◆ INPUT RECORDS
=======
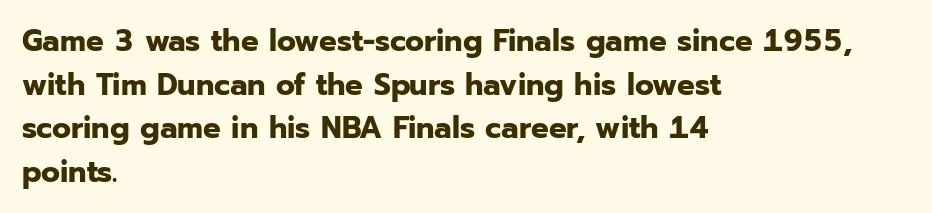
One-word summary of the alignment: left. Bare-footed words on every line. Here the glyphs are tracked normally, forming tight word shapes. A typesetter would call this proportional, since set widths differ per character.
=======
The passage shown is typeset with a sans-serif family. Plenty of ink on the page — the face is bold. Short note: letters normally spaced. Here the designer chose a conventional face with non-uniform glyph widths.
=======
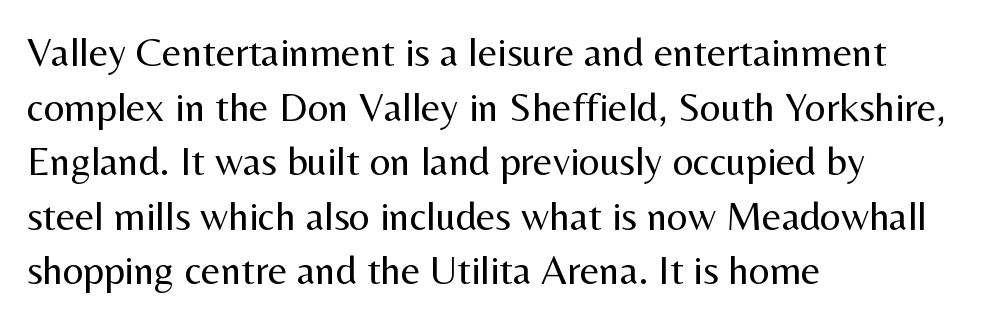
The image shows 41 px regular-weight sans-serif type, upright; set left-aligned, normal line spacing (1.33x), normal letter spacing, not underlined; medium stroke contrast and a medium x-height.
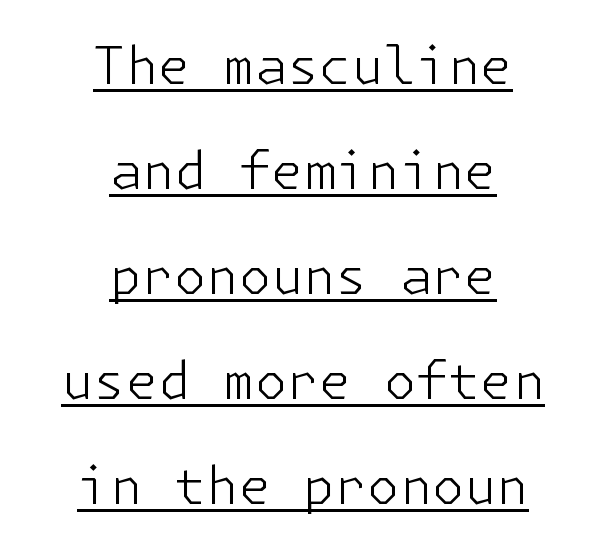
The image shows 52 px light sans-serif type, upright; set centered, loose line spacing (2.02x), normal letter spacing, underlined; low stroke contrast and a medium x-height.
=======
Copy word for word the lines of the records above from the one with "The image shows 41" up to and including the one with "The image shows 52". Skip the pictures.

The image shows 41 px regular-weight sans-serif type, upright; set left-aligned, normal line spacing (1.33x), normal letter spacing, not underlined; medium stroke contrast and a medium x-height.
The image shows 52 px light sans-serif type, upright; set centered, loose line spacing (2.02x), normal letter spacing, underlined; low stroke contrast and a medium x-height.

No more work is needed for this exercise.